#### [Provided records]
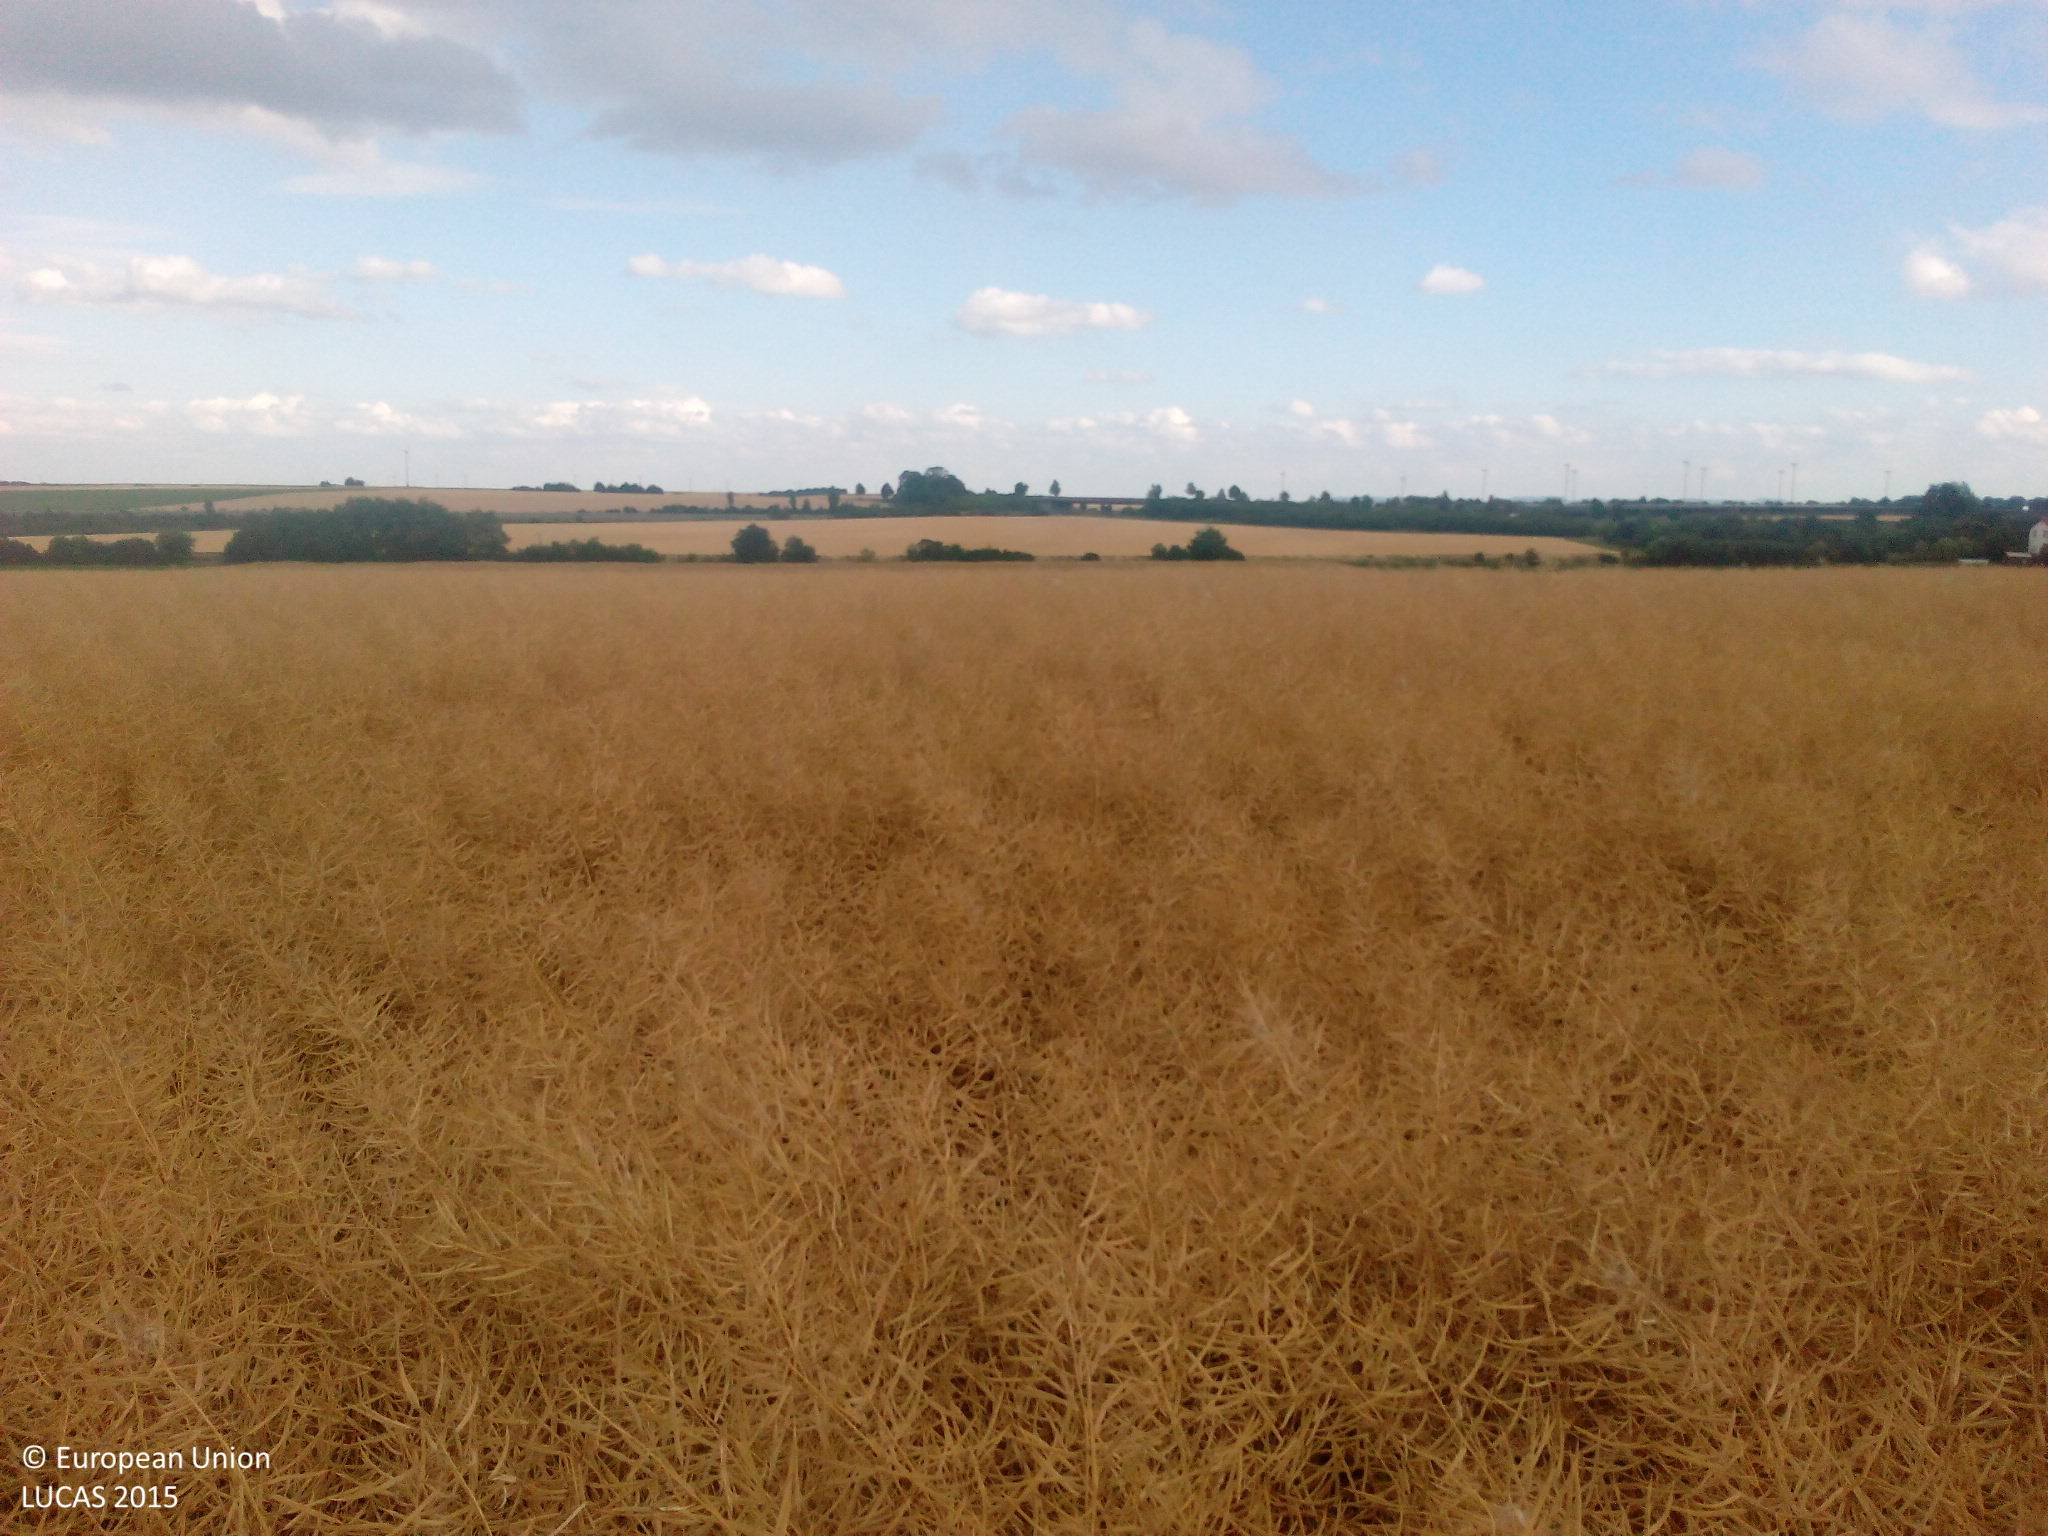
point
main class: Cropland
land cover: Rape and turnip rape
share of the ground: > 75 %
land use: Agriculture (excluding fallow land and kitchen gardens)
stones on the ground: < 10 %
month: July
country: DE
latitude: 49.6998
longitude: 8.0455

#### [Exercise objective]
Take from the material every line that holds "ground".

#### [Exercise answer]
share of the ground: > 75 %
stones on the ground: < 10 %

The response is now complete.